HOW TO COMPLETE THIS TASK – The answer must consist of every line below that holds the word "blue".

RECORDS PROVIDED –
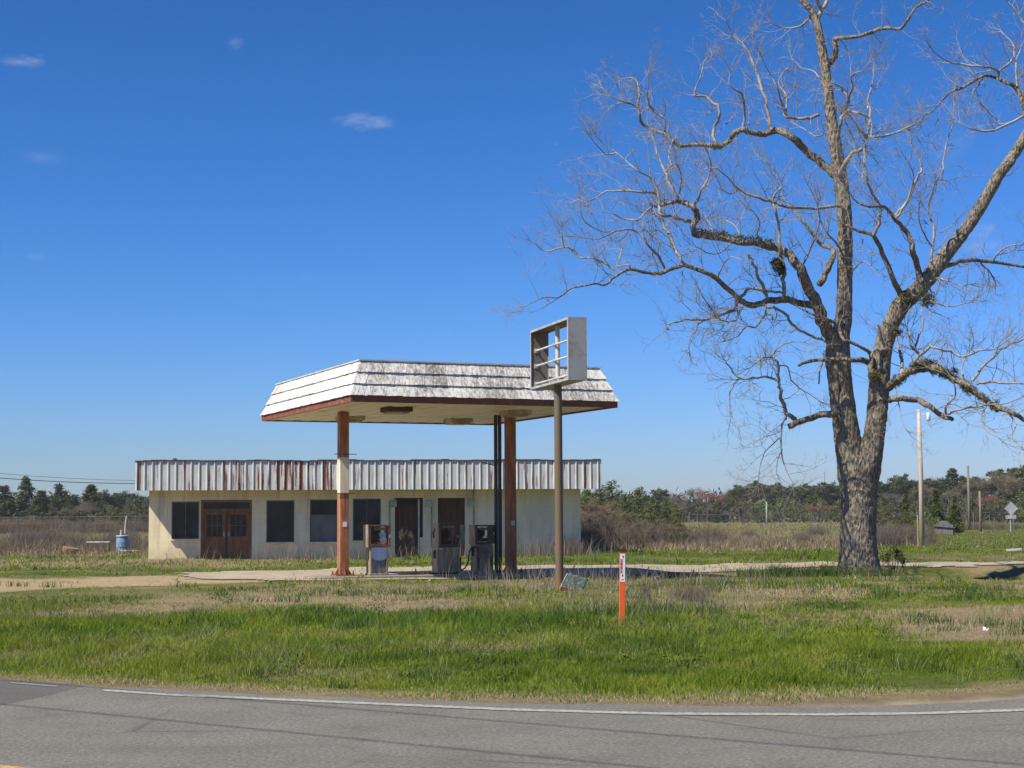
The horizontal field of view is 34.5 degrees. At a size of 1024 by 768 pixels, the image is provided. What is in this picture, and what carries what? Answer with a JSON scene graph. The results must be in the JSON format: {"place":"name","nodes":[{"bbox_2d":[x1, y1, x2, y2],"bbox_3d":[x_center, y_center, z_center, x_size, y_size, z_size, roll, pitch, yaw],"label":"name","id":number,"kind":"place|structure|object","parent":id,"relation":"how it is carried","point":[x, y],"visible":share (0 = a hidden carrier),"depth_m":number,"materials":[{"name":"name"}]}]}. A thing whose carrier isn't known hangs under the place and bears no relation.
{"place":"outdoors","nodes":[
{"label":"outdoors","id":0,"kind":"place"},
{"bbox_2d":[0,680,1023,767],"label":"road","id":1,"kind":"structure","parent":0,"point":[60,725],"depth_m":10.68,"materials":[{"name":"grey asphalt"}]},
{"bbox_2d":[102,689,1023,714],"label":"road edge line","id":2,"kind":"object","parent":1,"relation":"on","point":[681,713],"visible":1,"depth_m":11.88,"materials":[{"name":"white paint"}]},
{"bbox_2d":[0,517,1023,705],"bbox_3d":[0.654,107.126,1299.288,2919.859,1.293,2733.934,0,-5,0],"label":"ground","id":3,"kind":"structure","parent":0,"point":[986,571],"depth_m":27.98,"materials":[{"name":"green plant"}]},
{"bbox_2d":[0,485,29,529],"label":"pine tree","id":4,"kind":"object","parent":3,"relation":"on","point":[9,509],"visible":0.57,"depth_m":233.78,"materials":[{"name":"green plant"}]},
{"bbox_2d":[2,476,35,518],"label":"pine tree","id":5,"kind":"object","parent":3,"relation":"on","point":[23,501],"visible":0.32,"depth_m":244.03,"materials":[{"name":"green plant"}]},
{"bbox_2d":[1,529,48,543],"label":"thicket shrub","id":6,"kind":"object","parent":3,"relation":"on","point":[24,538],"visible":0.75,"depth_m":96.42,"materials":[{"name":"brown plant"}]},
{"bbox_2d":[4,516,57,532],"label":"thicket shrub","id":7,"kind":"object","parent":3,"relation":"on","point":[25,524],"visible":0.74,"depth_m":184.34,"materials":[{"name":"brown plant"}]},
{"bbox_2d":[1,526,64,541],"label":"thicket shrub","id":8,"kind":"object","parent":3,"relation":"on","point":[40,533],"visible":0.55,"depth_m":104.09,"materials":[{"name":"brown plant"}]},
{"bbox_2d":[13,490,69,529],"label":"pine tree","id":9,"kind":"object","parent":3,"relation":"on","point":[41,511],"visible":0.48,"depth_m":233.79,"materials":[{"name":"green plant"}]},
{"bbox_2d":[34,515,73,531],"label":"thicket shrub","id":10,"kind":"object","parent":3,"relation":"on","point":[51,524],"visible":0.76,"depth_m":184.84,"materials":[{"name":"brown plant"}]},
{"bbox_2d":[43,482,75,521],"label":"pine tree","id":11,"kind":"object","parent":3,"relation":"on","point":[64,501],"visible":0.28,"depth_m":239.28,"materials":[{"name":"green plant"}]},
{"bbox_2d":[63,518,110,533],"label":"thicket shrub","id":12,"kind":"object","parent":3,"relation":"on","point":[85,525],"visible":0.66,"depth_m":172.67,"materials":[{"name":"brown plant"}]},
{"bbox_2d":[66,484,119,523],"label":"pine tree","id":13,"kind":"object","parent":3,"relation":"on","point":[91,489],"visible":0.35,"depth_m":236.91,"materials":[{"name":"green plant"}]},
{"bbox_2d":[79,518,121,533],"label":"thicket shrub","id":14,"kind":"object","parent":3,"relation":"on","point":[103,524],"visible":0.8,"depth_m":171.26,"materials":[{"name":"brown plant"}]},
{"bbox_2d":[95,489,119,511],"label":"pine tree","id":15,"kind":"object","parent":3,"relation":"on","point":[109,499],"visible":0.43,"depth_m":249.12,"materials":[{"name":"green plant"}]},
{"bbox_2d":[84,529,147,548],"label":"thicket shrub","id":16,"kind":"object","parent":3,"relation":"on","point":[112,538],"visible":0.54,"depth_m":80.18,"materials":[{"name":"brown plant"}]},
{"bbox_2d":[116,535,128,551],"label":"barrel","id":17,"kind":"object","parent":3,"relation":"on","point":[120,538],"visible":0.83,"depth_m":71.47,"materials":[{"name":"blue plastic"}]},
{"bbox_2d":[107,499,148,526],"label":"shrub","id":18,"kind":"object","parent":3,"relation":"on","point":[133,507],"visible":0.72,"depth_m":184.43,"materials":[{"name":"green plant"}]},
{"bbox_2d":[111,517,148,532],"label":"thicket shrub","id":19,"kind":"object","parent":3,"relation":"on","point":[132,527],"visible":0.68,"depth_m":177.77,"materials":[{"name":"brown plant"}]},
{"bbox_2d":[117,493,145,515],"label":"pine tree","id":20,"kind":"object","parent":3,"relation":"on","point":[133,497],"visible":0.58,"depth_m":268.52,"materials":[{"name":"green plant"}]},
{"bbox_2d":[135,458,601,559],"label":"store building","id":21,"kind":"structure","parent":3,"relation":"on","point":[234,508],"depth_m":57.91,"materials":[{"name":"paint"}]},
{"bbox_2d":[170,501,199,540],"bbox_3d":[-11.385,4.774,57.482,1.026,1.353,0.220,0,-5,-8],"label":"window","id":22,"kind":"structure","parent":21,"relation":"in","point":[185,515],"depth_m":57.55,"materials":[{"name":"glass"}]},
{"bbox_2d":[203,511,225,558],"bbox_3d":[-10.396,5.275,57.612,0.761,1.674,0.120,0,-5,-8],"label":"door","id":23,"kind":"structure","parent":21,"relation":"in","point":[214,526],"depth_m":57.64,"materials":[{"name":"brown wood"}]},
{"bbox_2d":[227,511,248,558],"bbox_3d":[-9.587,5.282,57.759,0.761,1.674,0.120,0,-5,-8],"label":"door","id":24,"kind":"structure","parent":21,"relation":"in","point":[237,521],"depth_m":57.78,"materials":[{"name":"brown wood"}]},
{"bbox_2d":[265,500,294,543],"bbox_3d":[-8.134,4.845,57.907,1.054,1.521,0.220,0,-5,-8],"label":"window","id":25,"kind":"structure","parent":21,"relation":"in","point":[279,513],"depth_m":57.98,"materials":[{"name":"glass"}]},
{"bbox_2d":[309,499,336,542],"bbox_3d":[-6.630,4.840,58.106,1.047,1.541,0.220,0,-5,-8],"label":"window","id":26,"kind":"structure","parent":21,"relation":"in","point":[323,512],"depth_m":58.17,"materials":[{"name":"glass"}]},
{"bbox_2d":[352,499,380,541],"bbox_3d":[-5.131,4.820,58.307,1.068,1.532,0.220,0,-5,-8],"label":"window","id":27,"kind":"structure","parent":21,"relation":"in","point":[365,511],"depth_m":58.39,"materials":[{"name":"glass"}]},
{"bbox_2d":[396,504,417,556],"bbox_3d":[-3.732,5.208,58.577,0.768,1.883,0.050,0,-5,-8],"label":"door","id":28,"kind":"structure","parent":21,"relation":"in","point":[406,514],"depth_m":58.56,"materials":[{"name":"brown wood"}]},
{"bbox_2d":[438,498,464,556],"bbox_3d":[-2.163,5.106,58.725,0.962,2.091,0.063,0,-5,-8],"label":"door","id":29,"kind":"structure","parent":21,"relation":"in","point":[450,510],"depth_m":58.74,"materials":[{"name":"brown wood"}]},
{"bbox_2d":[0,532,1014,623],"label":"dead weeds","id":30,"kind":"object","parent":3,"relation":"on","point":[9,544],"visible":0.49,"depth_m":39.78,"materials":[{"name":"beige plant"}]},
{"bbox_2d":[1,573,1016,689],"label":"broadleaf weeds","id":31,"kind":"object","parent":3,"relation":"on","point":[476,659],"visible":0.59,"depth_m":17.69,"materials":[{"name":"green plant"}]},
{"bbox_2d":[0,487,1022,523],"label":"woods","id":32,"kind":"object","parent":3,"relation":"on","point":[691,508],"visible":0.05,"depth_m":392.76,"materials":[{"name":"green plant"}]},
{"bbox_2d":[0,519,1023,557],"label":"field grass","id":33,"kind":"structure","parent":3,"relation":"on","point":[825,544],"depth_m":83.85,"materials":[{"name":"plant"}]},
{"bbox_2d":[530,317,586,590],"bbox_3d":[0.903,1.554,31.979,0.376,5.455,2.454,1,-5,-16],"label":"sign frame","id":34,"kind":"object","parent":3,"relation":"on","point":[576,341],"visible":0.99,"depth_m":31.90,"materials":[{"name":"metal"}]},
{"bbox_2d":[552,534,585,555],"bbox_3d":[2.035,5.723,58.693,1.722,0.790,1.627,2,-5,-24],"label":"thicket shrub","id":35,"kind":"object","parent":3,"relation":"on","point":[575,540],"visible":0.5,"depth_m":58.61,"materials":[{"name":"brown plant"}]},
{"bbox_2d":[561,573,588,590],"bbox_3d":[1.155,3.839,31.292,0.396,0.485,0.594,-3,-5,31],"label":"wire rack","id":36,"kind":"object","parent":3,"relation":"on","point":[582,580],"visible":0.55,"depth_m":31.35,"materials":[{"name":"metal"}]},
{"bbox_2d":[585,509,605,544],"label":"bare tree","id":37,"kind":"object","parent":3,"relation":"on","point":[600,513],"visible":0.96,"depth_m":68.53,"materials":[{"name":"brown plant"}]},
{"bbox_2d":[581,515,616,549],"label":"thicket shrub","id":38,"kind":"object","parent":3,"relation":"on","point":[591,533],"visible":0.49,"depth_m":67.45,"materials":[{"name":"brown plant"}]},
{"bbox_2d":[587,484,614,536],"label":"young pine","id":39,"kind":"object","parent":3,"relation":"on","point":[597,495],"visible":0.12,"depth_m":83.82,"materials":[{"name":"green plant"}]},
{"bbox_2d":[581,498,622,517],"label":"bare tree","id":40,"kind":"object","parent":3,"relation":"on","point":[605,507],"visible":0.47,"depth_m":71.44,"materials":[{"name":"brown plant"}]},
{"bbox_2d":[180,560,1023,580],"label":"concrete apron","id":41,"kind":"object","parent":3,"relation":"on","point":[273,575],"visible":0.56,"depth_m":46.02,"materials":[{"name":"beige concrete"}]},
{"bbox_2d":[305,571,548,579],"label":"pump island","id":42,"kind":"structure","parent":41,"relation":"on","point":[412,576],"depth_m":40.77,"materials":[{"name":"concrete"}]},
{"bbox_2d":[363,525,390,575],"bbox_3d":[-3.343,4.110,40.849,0.600,1.244,0.379,2,-5,-23],"label":"fuel pump","id":43,"kind":"object","parent":42,"relation":"on","point":[376,559],"visible":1,"depth_m":40.72,"materials":[{"name":"grey metal"}]},
{"bbox_2d":[260,359,618,575],"bbox_3d":[-2.066,2.281,41.553,6.746,4.988,7.955,2,-5,-23],"label":"fuel canopy","id":44,"kind":"object","parent":42,"relation":"on","point":[343,396],"visible":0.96,"depth_m":39.35,"materials":[{"name":"white wood"}]},
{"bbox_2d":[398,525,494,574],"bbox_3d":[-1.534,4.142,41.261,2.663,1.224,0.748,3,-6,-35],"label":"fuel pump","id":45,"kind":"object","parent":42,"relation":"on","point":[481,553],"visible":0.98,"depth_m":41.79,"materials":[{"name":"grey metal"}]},
{"bbox_2d":[431,523,465,573],"bbox_3d":[-1.611,4.136,41.546,0.864,1.284,0.525,2,-5,-23],"label":"fuel pump","id":46,"kind":"object","parent":42,"relation":"on","point":[442,558],"visible":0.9,"depth_m":41.44,"materials":[{"name":"grey metal"}]},
{"bbox_2d":[581,510,637,548],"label":"thicket shrub","id":47,"kind":"object","parent":3,"relation":"on","point":[606,531],"visible":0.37,"depth_m":69.51,"materials":[{"name":"brown plant"}]},
{"bbox_2d":[601,479,625,518],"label":"young pine","id":48,"kind":"object","parent":3,"relation":"on","point":[611,497],"visible":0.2,"depth_m":85.77,"materials":[{"name":"green plant"}]},
{"bbox_2d":[619,550,625,624],"bbox_3d":[1.451,2.766,21.676,0.108,1.170,0.024,0,-5,-4],"label":"marker post","id":49,"kind":"object","parent":3,"relation":"on","point":[622,563],"visible":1,"depth_m":21.68,"materials":[{"name":"orange plastic"}]},
{"bbox_2d":[614,494,634,523],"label":"young pine","id":50,"kind":"object","parent":3,"relation":"on","point":[627,500],"visible":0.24,"depth_m":82.70,"materials":[{"name":"green plant"}]},
{"bbox_2d":[608,525,651,546],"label":"thicket shrub","id":51,"kind":"object","parent":3,"relation":"on","point":[632,537],"visible":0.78,"depth_m":72.50,"materials":[{"name":"brown plant"}]},
{"bbox_2d":[627,486,649,526],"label":"young pine","id":52,"kind":"object","parent":3,"relation":"on","point":[639,509],"visible":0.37,"depth_m":87.72,"materials":[{"name":"green plant"}]},
{"bbox_2d":[613,517,664,545],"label":"thicket shrub","id":53,"kind":"object","parent":3,"relation":"on","point":[648,536],"visible":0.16,"depth_m":76.60,"materials":[{"name":"brown plant"}]},
{"bbox_2d":[618,512,678,541],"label":"shrub","id":54,"kind":"object","parent":3,"relation":"on","point":[653,520],"visible":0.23,"depth_m":78.90,"materials":[{"name":"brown plant"}]},
{"bbox_2d":[640,498,664,531],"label":"young pine","id":55,"kind":"object","parent":3,"relation":"on","point":[656,510],"visible":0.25,"depth_m":83.69,"materials":[{"name":"green plant"}]},
{"bbox_2d":[647,487,673,517],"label":"pine tree","id":56,"kind":"object","parent":3,"relation":"on","point":[663,495],"visible":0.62,"depth_m":358.61,"materials":[{"name":"green plant"}]},
{"bbox_2d":[645,523,686,544],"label":"thicket shrub","id":57,"kind":"object","parent":3,"relation":"on","point":[665,534],"visible":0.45,"depth_m":78.43,"materials":[{"name":"brown plant"}]},
{"bbox_2d":[658,498,675,533],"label":"young pine","id":58,"kind":"object","parent":3,"relation":"on","point":[665,515],"visible":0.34,"depth_m":85.67,"materials":[{"name":"green plant"}]},
{"bbox_2d":[666,504,689,538],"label":"young pine","id":59,"kind":"object","parent":3,"relation":"on","point":[677,518],"visible":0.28,"depth_m":83.69,"materials":[{"name":"green plant"}]},
{"bbox_2d":[659,582,725,601],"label":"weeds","id":60,"kind":"object","parent":3,"relation":"on","point":[686,592],"visible":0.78,"depth_m":26.26,"materials":[{"name":"brown plant"}]},
{"bbox_2d":[684,522,752,542],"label":"thicket shrub","id":61,"kind":"object","parent":3,"relation":"on","point":[706,531],"visible":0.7,"depth_m":85.96,"materials":[{"name":"brown plant"}]},
{"bbox_2d":[711,500,728,522],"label":"pine tree","id":62,"kind":"object","parent":3,"relation":"on","point":[715,518],"visible":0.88,"depth_m":328.65,"materials":[{"name":"green plant"}]},
{"bbox_2d":[726,484,747,522],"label":"pine tree","id":63,"kind":"object","parent":3,"relation":"on","point":[733,494],"visible":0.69,"depth_m":348.82,"materials":[{"name":"green plant"}]},
{"bbox_2d":[728,500,762,522],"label":"shrub","id":64,"kind":"object","parent":3,"relation":"on","point":[755,518],"visible":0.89,"depth_m":328.95,"materials":[{"name":"green plant"}]},
{"bbox_2d":[488,0,1023,575],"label":"pecan tree","id":65,"kind":"object","parent":3,"relation":"on","point":[858,458],"visible":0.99,"depth_m":41.52,"materials":[{"name":"grey plant"}]},
{"bbox_2d":[741,480,774,522],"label":"pine tree","id":66,"kind":"object","parent":3,"relation":"on","point":[747,494],"visible":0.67,"depth_m":343.23,"materials":[{"name":"green plant"}]},
{"bbox_2d":[746,499,777,522],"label":"shrub","id":67,"kind":"object","parent":3,"relation":"on","point":[757,506],"visible":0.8,"depth_m":329.99,"materials":[{"name":"green plant"}]},
{"bbox_2d":[758,498,796,522],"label":"shrub","id":68,"kind":"object","parent":3,"relation":"on","point":[780,503],"visible":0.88,"depth_m":328.38,"materials":[{"name":"green plant"}]},
{"bbox_2d":[777,498,808,522],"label":"shrub","id":69,"kind":"object","parent":3,"relation":"on","point":[796,513],"visible":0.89,"depth_m":328.30,"materials":[{"name":"green plant"}]},
{"bbox_2d":[780,485,806,521],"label":"pine tree","id":70,"kind":"object","parent":3,"relation":"on","point":[791,496],"visible":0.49,"depth_m":347.98,"materials":[{"name":"green plant"}]},
{"bbox_2d":[803,524,831,534],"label":"thicket shrub","id":71,"kind":"object","parent":3,"relation":"on","point":[815,532],"visible":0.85,"depth_m":115.93,"materials":[{"name":"brown plant"}]},
{"bbox_2d":[798,496,838,522],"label":"shrub","id":72,"kind":"object","parent":3,"relation":"on","point":[819,503],"visible":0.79,"depth_m":328.35,"materials":[{"name":"green plant"}]},
{"bbox_2d":[805,482,839,521],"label":"pine tree","id":73,"kind":"object","parent":3,"relation":"on","point":[826,490],"visible":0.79,"depth_m":345.64,"materials":[{"name":"green plant"}]},
{"bbox_2d":[689,512,1013,530],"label":"wire fence","id":74,"kind":"object","parent":3,"relation":"on","point":[730,525],"visible":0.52,"depth_m":149.97,"materials":[{"name":"grey metal"}]},
{"bbox_2d":[877,480,895,519],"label":"pine tree","id":75,"kind":"object","parent":3,"relation":"on","point":[881,486],"visible":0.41,"depth_m":338.47,"materials":[{"name":"green plant"}]},
{"bbox_2d":[880,544,908,575],"bbox_3d":[9.976,4.721,43.278,0.856,1.069,0.833,-2,-5,14],"label":"shrub","id":76,"kind":"object","parent":3,"relation":"on","point":[898,555],"visible":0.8,"depth_m":43.17,"materials":[{"name":"green plant"}]},
{"bbox_2d":[877,506,911,529],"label":"shrub","id":77,"kind":"object","parent":3,"relation":"on","point":[883,517],"visible":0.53,"depth_m":109.51,"materials":[{"name":"green plant"}]},
{"bbox_2d":[883,473,910,516],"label":"pine tree","id":78,"kind":"object","parent":3,"relation":"on","point":[892,485],"visible":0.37,"depth_m":343.58,"materials":[{"name":"green plant"}]},
{"bbox_2d":[876,522,919,545],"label":"thicket shrub","id":79,"kind":"object","parent":3,"relation":"on","point":[881,540],"visible":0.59,"depth_m":73.47,"materials":[{"name":"brown plant"}]},
{"bbox_2d":[877,520,918,545],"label":"thicket shrub","id":80,"kind":"object","parent":3,"relation":"on","point":[910,528],"visible":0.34,"depth_m":75.48,"materials":[{"name":"brown plant"}]},
{"bbox_2d":[886,511,916,528],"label":"shrub","id":81,"kind":"object","parent":3,"relation":"on","point":[904,516],"visible":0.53,"depth_m":104.35,"materials":[{"name":"green plant"}]},
{"bbox_2d":[879,524,928,545],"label":"thicket shrub","id":82,"kind":"object","parent":3,"relation":"on","point":[912,538],"visible":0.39,"depth_m":75.39,"materials":[{"name":"brown plant"}]},
{"bbox_2d":[896,493,914,529],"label":"cedar tree","id":83,"kind":"object","parent":3,"relation":"on","point":[905,504],"visible":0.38,"depth_m":124.55,"materials":[{"name":"green plant"}]},
{"bbox_2d":[893,473,918,506],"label":"pine tree","id":84,"kind":"object","parent":3,"relation":"on","point":[904,483],"visible":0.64,"depth_m":338.69,"materials":[{"name":"green plant"}]},
{"bbox_2d":[917,409,929,546],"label":"light pole","id":85,"kind":"object","parent":3,"relation":"on","point":[921,508],"visible":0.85,"depth_m":68.60,"materials":[{"name":"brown wood"}]},
{"bbox_2d":[907,507,940,529],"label":"shrub","id":86,"kind":"object","parent":3,"relation":"on","point":[927,520],"visible":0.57,"depth_m":117.31,"materials":[{"name":"green plant"}]},
{"bbox_2d":[907,524,946,543],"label":"thicket shrub","id":87,"kind":"object","parent":3,"relation":"on","point":[932,534],"visible":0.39,"depth_m":81.40,"materials":[{"name":"brown plant"}]},
{"bbox_2d":[917,478,944,510],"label":"pine tree","id":88,"kind":"object","parent":3,"relation":"on","point":[928,481],"visible":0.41,"depth_m":342.76,"materials":[{"name":"green plant"}]},
{"bbox_2d":[926,488,946,532],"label":"cedar tree","id":89,"kind":"object","parent":3,"relation":"on","point":[935,508],"visible":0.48,"depth_m":129.49,"materials":[{"name":"green plant"}]},
{"bbox_2d":[924,477,949,514],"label":"pine tree","id":90,"kind":"object","parent":3,"relation":"on","point":[939,486],"visible":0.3,"depth_m":342.97,"materials":[{"name":"green plant"}]},
{"bbox_2d":[933,521,955,534],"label":"shed","id":91,"kind":"structure","parent":3,"relation":"on","point":[947,527],"depth_m":118.74,"materials":[{"name":"grey metal"}]},
{"bbox_2d":[924,468,982,521],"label":"pine tree","id":92,"kind":"object","parent":3,"relation":"on","point":[949,483],"visible":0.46,"depth_m":328.75,"materials":[{"name":"green plant"}]},
{"bbox_2d":[946,495,964,532],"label":"cedar tree","id":93,"kind":"object","parent":3,"relation":"on","point":[952,518],"visible":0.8,"depth_m":131.43,"materials":[{"name":"green plant"}]},
{"bbox_2d":[944,478,984,506],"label":"pine tree","id":94,"kind":"object","parent":3,"relation":"on","point":[975,492],"visible":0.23,"depth_m":337.17,"materials":[{"name":"green plant"}]},
{"bbox_2d":[967,466,970,529],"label":"utility pole","id":95,"kind":"object","parent":3,"relation":"on","point":[968,499],"visible":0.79,"depth_m":149.52,"materials":[{"name":"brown wood"}]},
{"bbox_2d":[956,493,999,522],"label":"shrub","id":96,"kind":"object","parent":3,"relation":"on","point":[962,514],"visible":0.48,"depth_m":298.12,"materials":[{"name":"green plant"}]},
{"bbox_2d":[949,474,1023,506],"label":"bare tree","id":97,"kind":"object","parent":3,"relation":"on","point":[974,483],"visible":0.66,"depth_m":320.33,"materials":[{"name":"brown plant"}]},
{"bbox_2d":[975,471,1021,521],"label":"bare tree","id":98,"kind":"object","parent":3,"relation":"on","point":[1003,480],"visible":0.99,"depth_m":316.32,"materials":[{"name":"brown plant"}]},
{"bbox_2d":[984,468,1014,520],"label":"pine tree","id":99,"kind":"object","parent":3,"relation":"on","point":[1000,472],"visible":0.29,"depth_m":334.21,"materials":[{"name":"green plant"}]},
{"bbox_2d":[978,496,1023,522],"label":"shrub","id":100,"kind":"object","parent":3,"relation":"on","point":[997,507],"visible":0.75,"depth_m":278.37,"materials":[{"name":"green plant"}]},
{"bbox_2d":[991,490,1023,522],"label":"shrub","id":101,"kind":"object","parent":3,"relation":"on","point":[1021,510],"visible":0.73,"depth_m":278.68,"materials":[{"name":"green plant"}]},
{"bbox_2d":[1004,502,1017,531],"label":"road sign","id":102,"kind":"object","parent":3,"relation":"on","point":[1010,508],"visible":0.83,"depth_m":134.52,"materials":[{"name":"metal"}]},
{"bbox_2d":[999,464,1023,506],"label":"pine tree","id":103,"kind":"object","parent":3,"relation":"on","point":[1018,473],"visible":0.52,"depth_m":327.81,"materials":[{"name":"green plant"}]},
{"bbox_2d":[0,0,1023,516],"label":"sky","id":104,"kind":"structure","parent":0,"point":[206,206],"materials":[{"name":"blue"}]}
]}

TASK OUTPUT –
{"bbox_2d":[116,535,128,551],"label":"barrel","id":17,"kind":"object","parent":3,"relation":"on","point":[120,538],"visible":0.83,"depth_m":71.47,"materials":[{"name":"blue plastic"}]},
{"bbox_2d":[0,0,1023,516],"label":"sky","id":104,"kind":"structure","parent":0,"point":[206,206],"materials":[{"name":"blue"}]}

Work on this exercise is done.